Python: module scrapeRateProfs

scrapeRateProfs

Python Module for scraping reviews from RateMyProfessor. This module scrapes reviews about professors from a certain university from ratemyprofessor.com. Does this in the following steps: Step 1: Get the list of professors starting with each letter Step 2: Get the list of all reviews for that professor. Step 3: Get each review from that list. It also has the ability to be interrupted and (effectively) resume from where it stopped without having to redownload all the previous files. It does this by performs optimizations such as storing the webpages it has downloaded and compacting the downloaded pages into a format that is easy to process. Usage: scrapeRateProfs.py [-h] -sid SchoolID [-delay DELAY] -o OUTPUT -path PATH Inputs: -h, --help show this help message and exit -sid SchoolID ID of the school on RateMyProf -delay DELAY Amount of time to pause after downloading a website -o OUTPUT Path to output file for reviews -path PATH Directory where the webpages should be downloaded Key Outputs: - TSV File containing the review information. - TSV File containing the aggregate information for a professor. - Condensed set of information downloaded Formats are provided in the accompanying README

Modules

argparse
bisect
os
sys
time
urllib2

Functions


downloadToFile(url, fileName, force=False)
Downloads url to file Inputs: - url : Url to be downloaded - fileName : Name of the file to write to - force : Optional boolean argument which if true will overwrite the file even it it exists Returns: - Pair indicating if the file was downloaded and a list of the contents of the file split up line-by-line

getAllReviews(sid, outF)
The main function to get all the reviews from a school.

getFileContentFromWeb(url)
Downloads data from a website Inputs: - url : Url to be downloaded Returns: - Content of url

getLinksFromList(plContents)
Extracts the links for the individual review pages of each professor Inputs: - plContents : Pruned contents of the professor list file.

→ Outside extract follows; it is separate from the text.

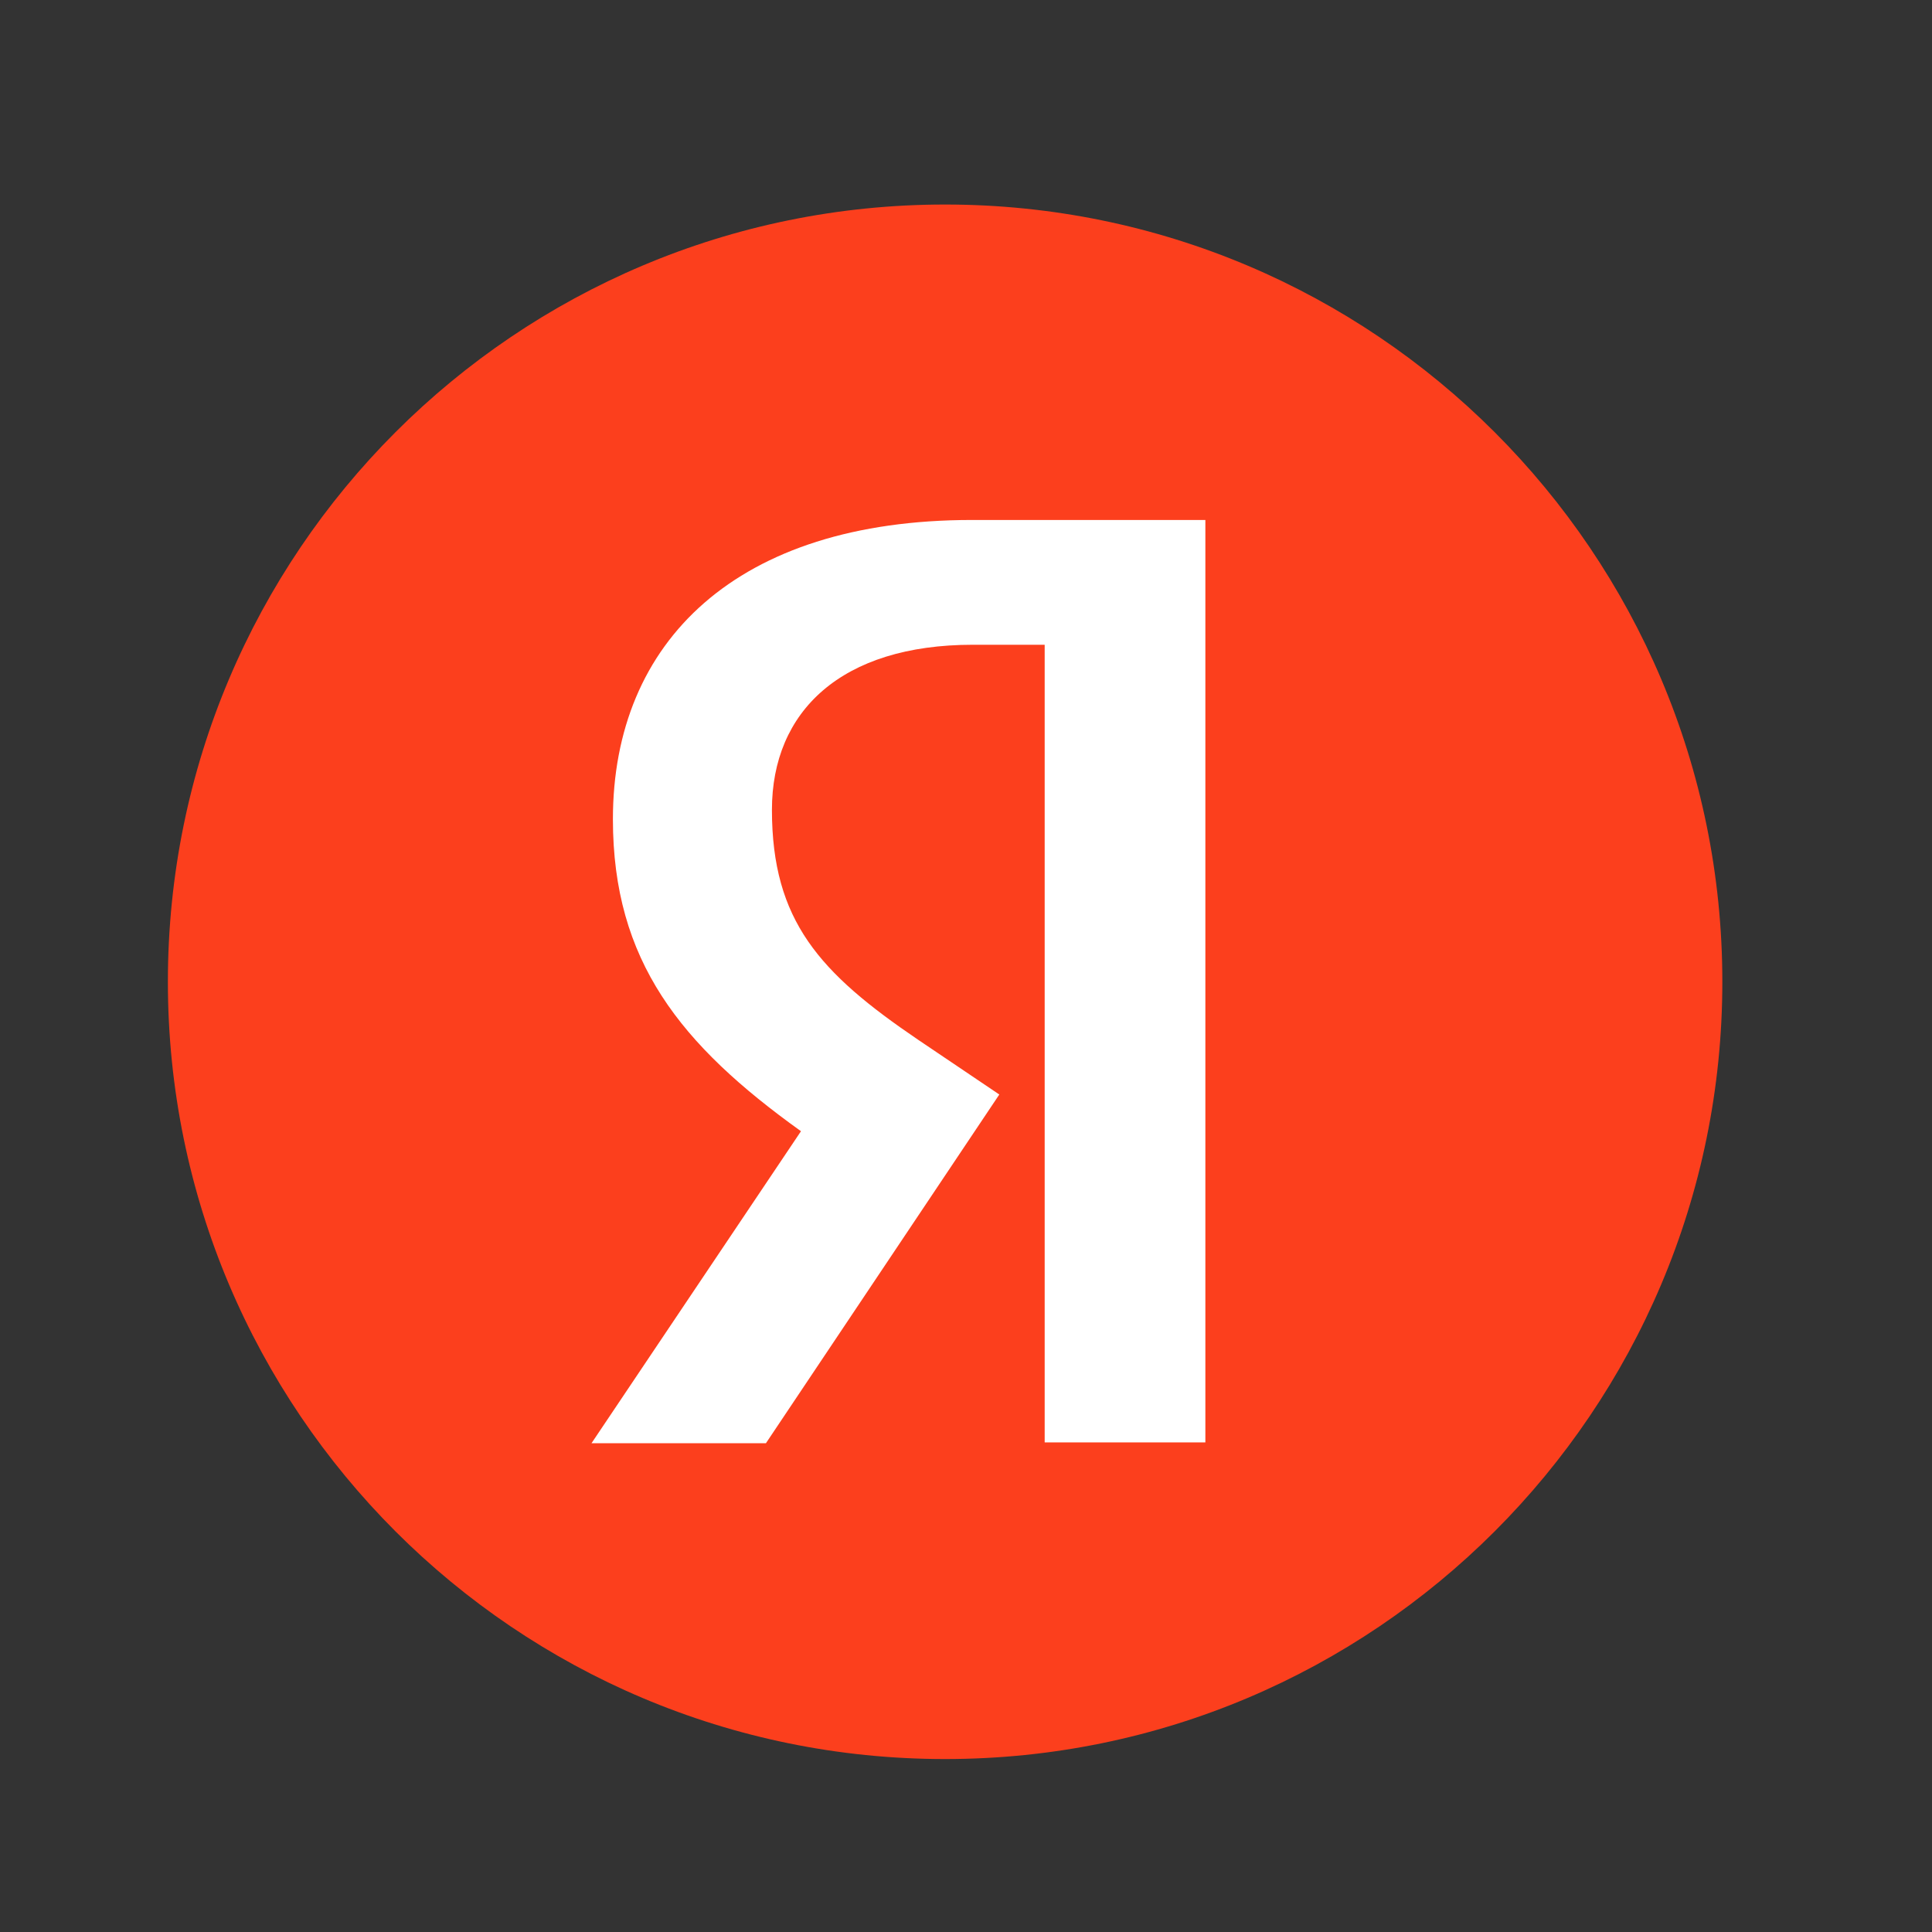 <svg width="29" height="29" viewBox="0 0 29 29" fill="none" xmlns="http://www.w3.org/2000/svg">
<rect x="0" y="0" width="29" height="29" fill="#333333" stroke="none"/>
<path d="M2.52 14.737C2.52 8.293 7.742 3.07 14.186 3.07C20.628 3.07 25.853 8.293 25.853 14.737C25.853 21.18 20.628 26.404 14.186 26.404C7.742 26.404 2.52 21.18 2.52 14.737Z" fill="#FC3F1D"/>
<path d="M15.681 9.678H14.603C12.626 9.678 11.587 10.679 11.587 12.155C11.587 13.823 12.305 14.605 13.781 15.607L15 16.429L11.497 21.663H8.879L12.023 16.98C10.215 15.684 9.2 14.425 9.2 12.296C9.2 9.627 11.061 7.805 14.59 7.805H18.093V21.651H15.681V9.678Z" fill="white"/>
</svg>

Returns: - Triplet containing 3 arrays, one for the professor names, the link to their review page and a boolean flag indicating if they have any reviews

getReviewsForProf(rurl, rname)
Gets the reviews and aggregate statistics for a specific professor.          Inputs: - rurl : Link to the review page for a professor - rname: Name of the professor (this will be unique)

pruneProfListFile(plContents, fileName)
Prunes the professor list file contents from the entire website to only what is required          Inputs: - plContents : Contents of the Professor List webpage - filename   : Name of the file to write the output to Returns: - Pruned content from the list page containing only information about the links to each individual professor's review page

pruneProfReviewFile(prContents, fileName)
Prunes the review page for a particular professor to only what is required namely the stats and the reviews Inputs: - prContents : Contents of the review webpage for a particular professor - filename   : Name of the file to write the output to Returns: - Pruned contents of the review page, which includes aggregate details of all reviews, as well as all individual reviews.